Type out each record word for word. Pictures stay out.
Records provided: Begin
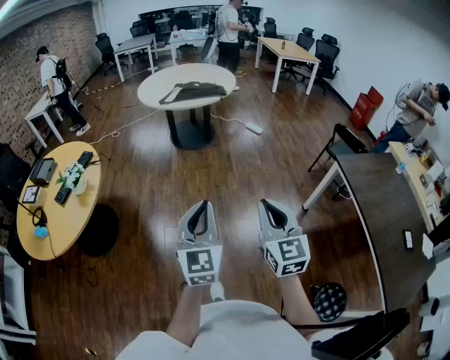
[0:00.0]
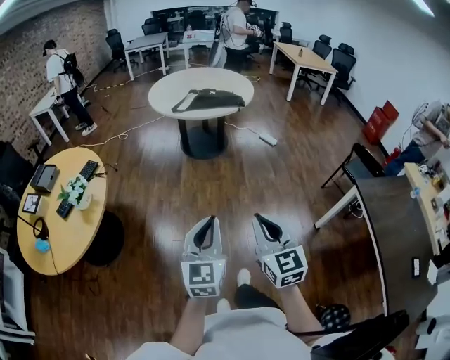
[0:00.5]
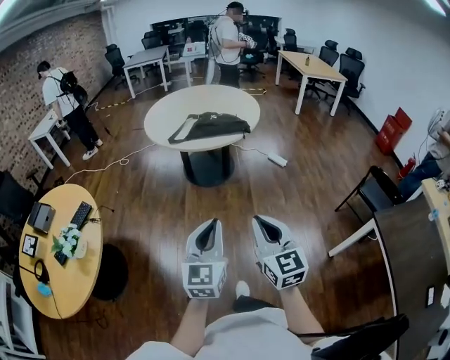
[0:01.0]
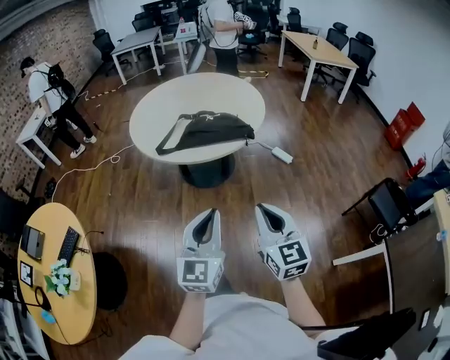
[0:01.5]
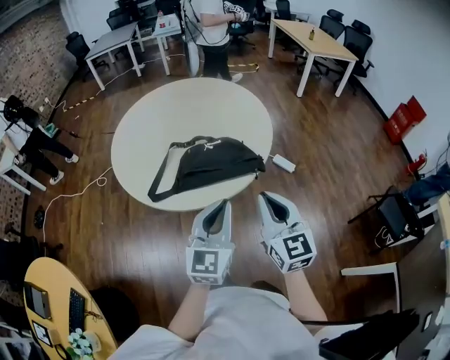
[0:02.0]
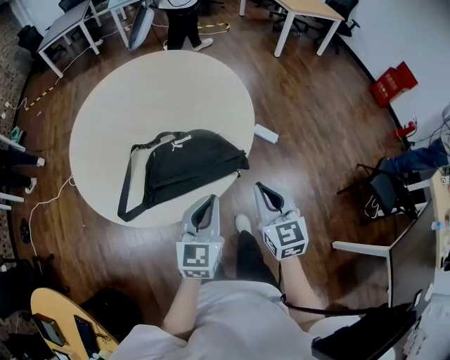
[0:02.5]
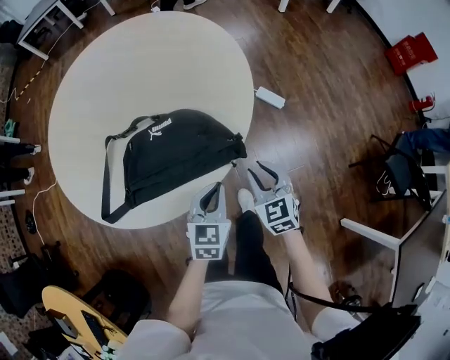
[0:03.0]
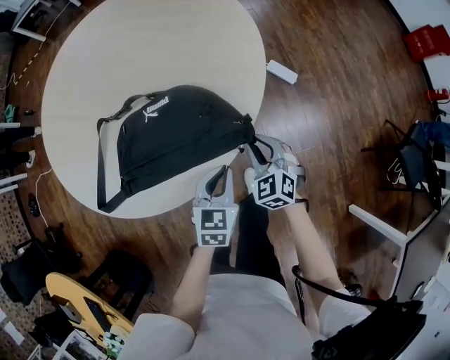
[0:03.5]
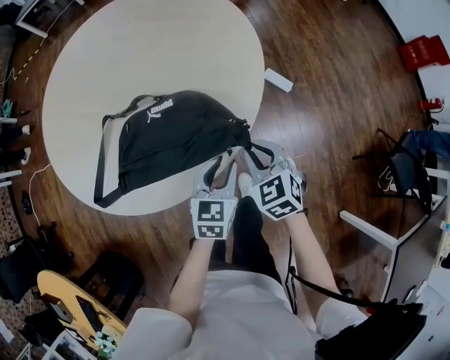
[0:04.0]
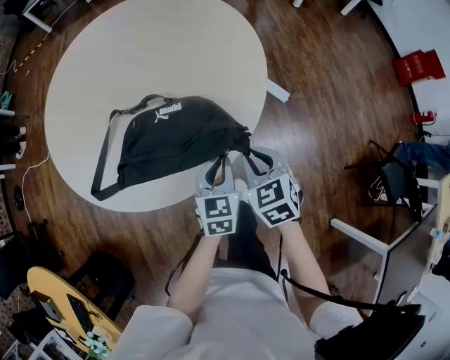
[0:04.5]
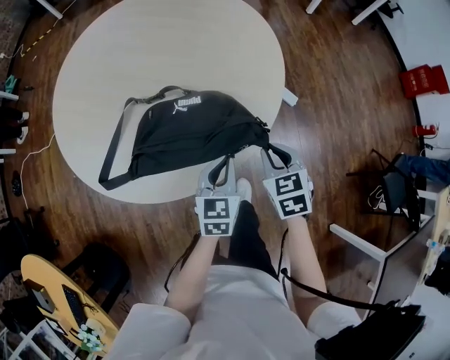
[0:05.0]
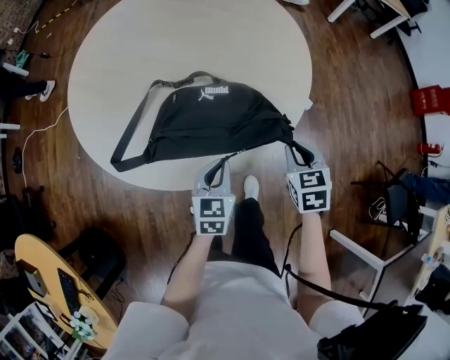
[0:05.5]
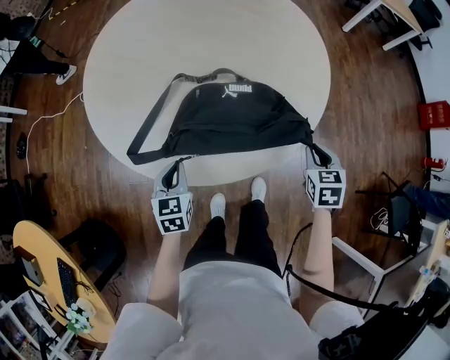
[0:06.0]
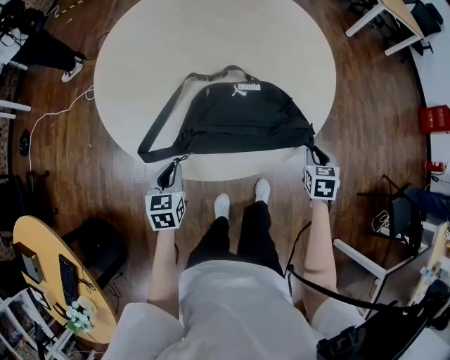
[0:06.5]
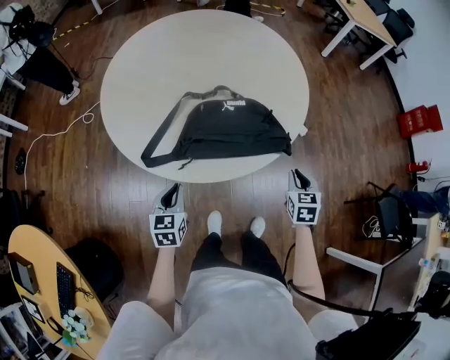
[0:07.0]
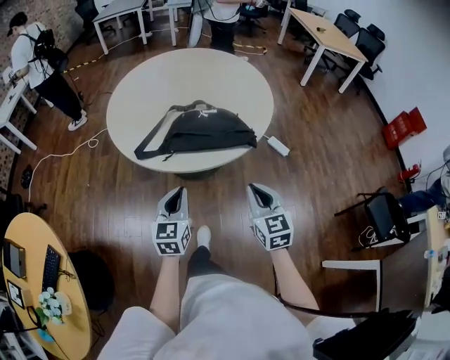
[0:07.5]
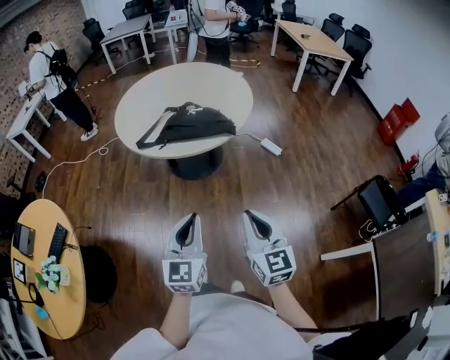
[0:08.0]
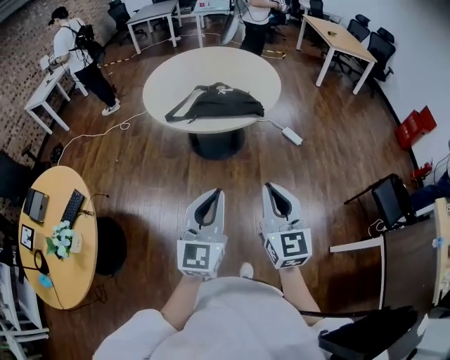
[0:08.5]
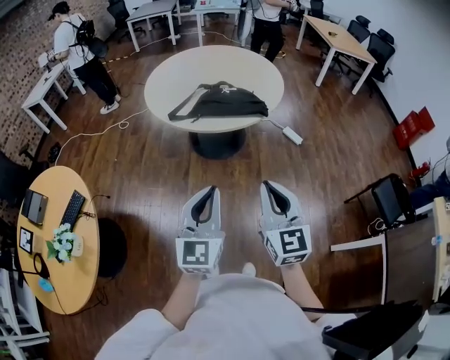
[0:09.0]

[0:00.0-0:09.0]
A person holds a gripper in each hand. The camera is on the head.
0:00.0 to 0:02.0: Both grippers are carried forward, some 90 cm.
0:02.0 to 0:04.5: The two grippers go some 35 cm downward and forward. The right gripper angles its fingers downward, by about 40 degrees; the left gripper rotates about 30 degrees, and opens, then closes again.
0:04.5 to 0:07.0: The left gripper is displaced to the left and backward by some 35 cm. The right gripper is displaced backward by about 10 cm, and swivels roughly 20 degrees.
0:07.0 to 0:09.0: The two grippers travel together, backward, approximately 50 cm. The grippers both shift upward by about 30 cm. The left gripper tilts its fingers about 30 degrees upward, while the right gripper tilts its fingers approximately 40 degrees upward.
Records provided: End
Answer below:
[0:00.0]
[0:00.5]
[0:01.0]
[0:01.5]
[0:02.0]
[0:02.5]
[0:03.0]
[0:03.5]
[0:04.0]
[0:04.5]
[0:05.0]
[0:05.5]
[0:06.0]
[0:06.5]
[0:07.0]
[0:07.5]
[0:08.0]
[0:08.5]
[0:09.0]

[0:00.0-0:09.0]
A person holds a gripper in each hand. The camera is on the head.
0:00.0 to 0:02.0: Both grippers are carried forward, some 90 cm.
0:02.0 to 0:04.5: The two grippers go some 35 cm downward and forward. The right gripper angles its fingers downward, by about 40 degrees; the left gripper rotates about 30 degrees, and opens, then closes again.
0:04.5 to 0:07.0: The left gripper is displaced to the left and backward by some 35 cm. The right gripper is displaced backward by about 10 cm, and swivels roughly 20 degrees.
0:07.0 to 0:09.0: The two grippers travel together, backward, approximately 50 cm. The grippers both shift upward by about 30 cm. The left gripper tilts its fingers about 30 degrees upward, while the right gripper tilts its fingers approximately 40 degrees upward.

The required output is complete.